**DATASET EXCERPTS**:
------------------------
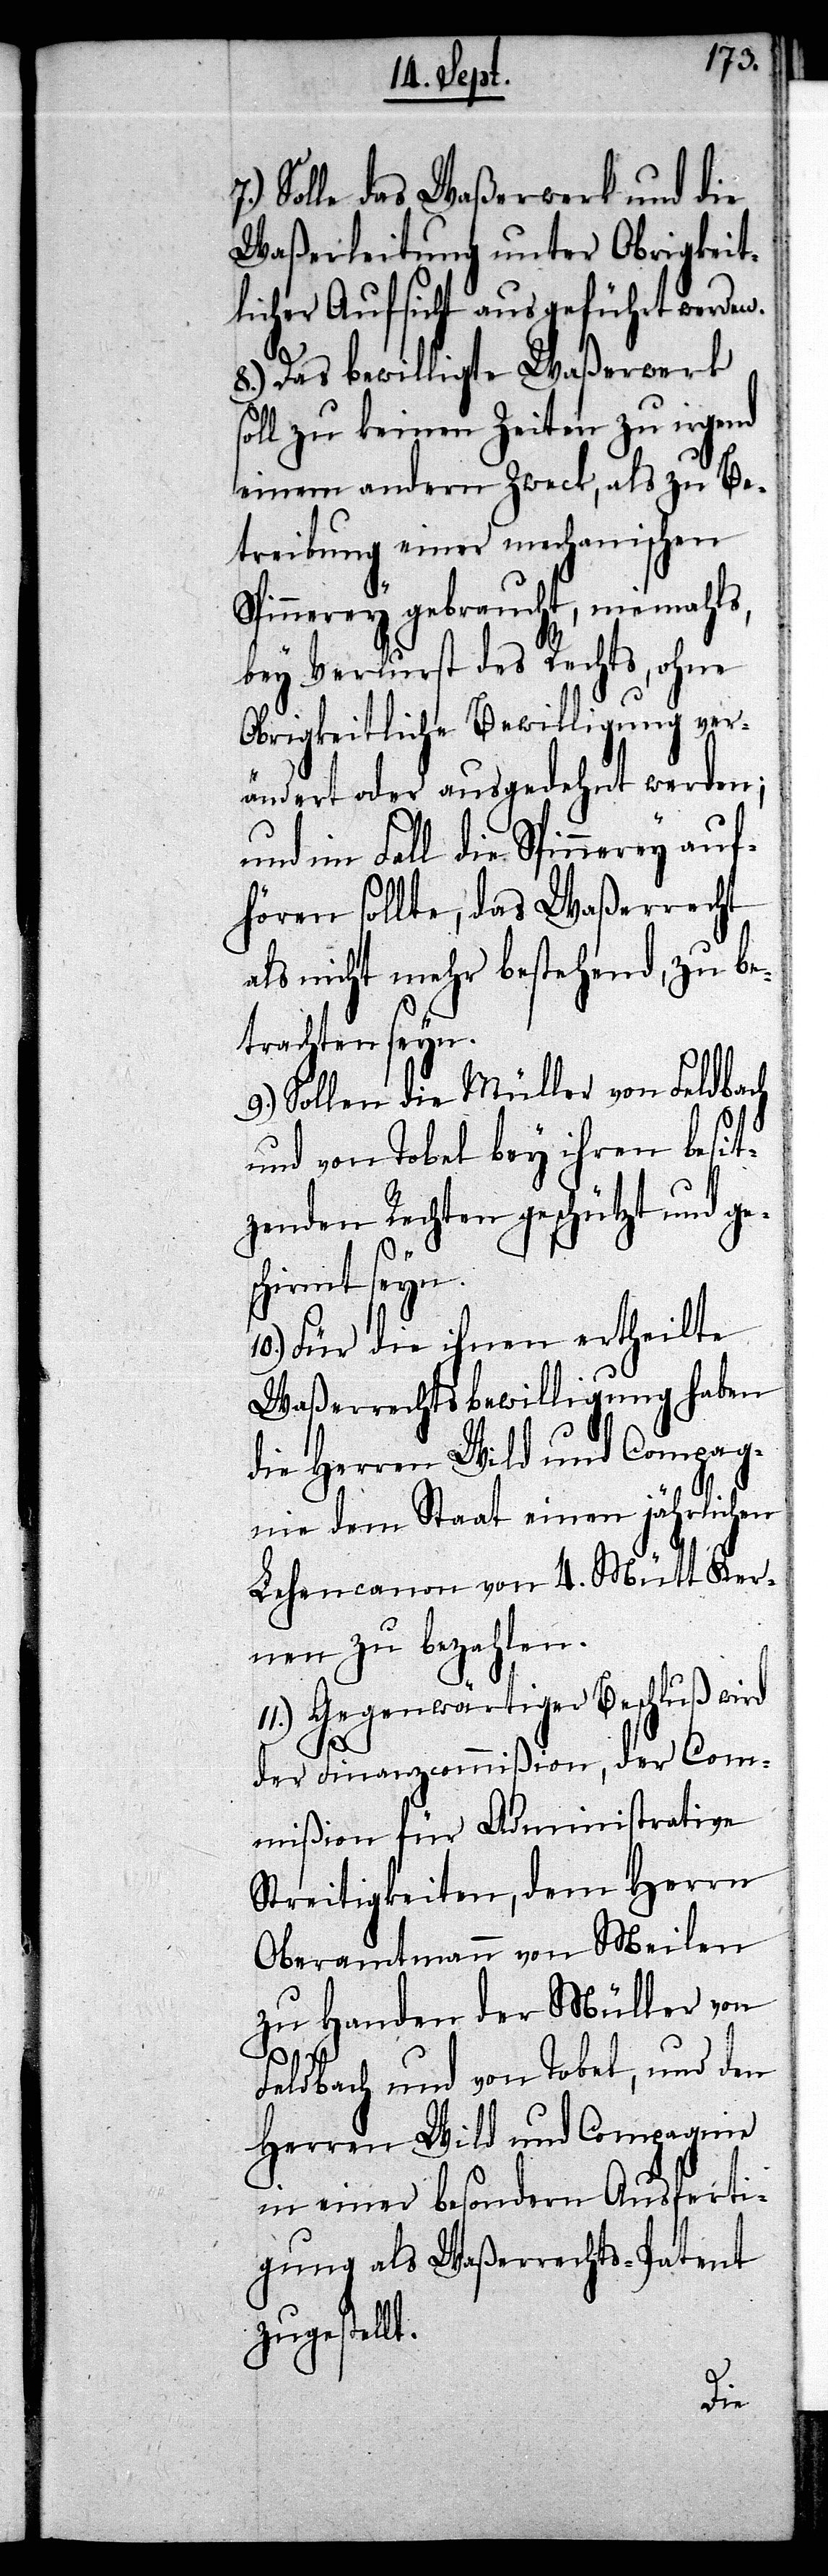
Solle das Waßerwerk und die
Waßerleitung unter Obrigkeit¬
licher Aufsicht ausgeführt werden.
8.) Das bewilligte Waßerwerk
soll zu keinen Zeiten zu irgend
einem andern Zweck, als zu Be¬
treibung einer mechanischen
Spinnerey gebraucht, niemahls,
bey Verlurst des Rechts, ohne
Obrigkeitliche Bewilligung ver¬
ändert oder ausgedehnt werden;
und im Fall die Spinnerey auf¬
hören sollte, das Waßerrecht
als nicht mehr bestehend, zu be¬
trachten seyn.
Sollen die Müller von Feldbach
und von Tobel bey ihren besit¬
zenden Rechten geschützt und ge¬
s¬
chirmt seyn.
10.) Für die ihnen ertheilte
Waßerrechtsbewilligung haben
die Herren Wild und Compag¬
nie dem Staat einen jährlichen
Lehencanon von 4. Mütt Ker¬
nen zu bezahlen.
11.) Gegenwärtiger Beschluß wird
7.)
der Finanzcommißion, der Com¬
mißion für Administrative
Streitigkeiten, dem Herrn
Oberamtmann von Meilen
zu Handen der Müller von
Feldbach und von Tobel, und den
Herren Wild und Compagnie
in einer besondern Ausferti¬
gung als Waßerrechts-Patent
zugestellt.
------------------------
**TASK DIRECTIONS**: Retype exactly, and only, the lines that run from the one with "einem andern Zweck, als zu Be¬" through the final line of the entries.

**PROBLEM SOLUTION**:
einem andern Zweck, als zu Be¬
treibung einer mechanischen
Spinnerey gebraucht, niemahls,
bey Verlurst des Rechts, ohne
Obrigkeitliche Bewilligung ver¬
ändert oder ausgedehnt werden;
und im Fall die Spinnerey auf¬
hören sollte, das Waßerrecht
als nicht mehr bestehend, zu be¬
trachten seyn.
Sollen die Müller von Feldbach
und von Tobel bey ihren besit¬
zenden Rechten geschützt und ge¬
s¬
chirmt seyn.
10.) Für die ihnen ertheilte
Waßerrechtsbewilligung haben
die Herren Wild und Compag¬
nie dem Staat einen jährlichen
Lehencanon von 4. Mütt Ker¬
nen zu bezahlen.
11.) Gegenwärtiger Beschluß wird
7.)
der Finanzcommißion, der Com¬
mißion für Administrative
Streitigkeiten, dem Herrn
Oberamtmann von Meilen
zu Handen der Müller von
Feldbach und von Tobel, und den
Herren Wild und Compagnie
in einer besondern Ausferti¬
gung als Waßerrechts-Patent
zugestellt.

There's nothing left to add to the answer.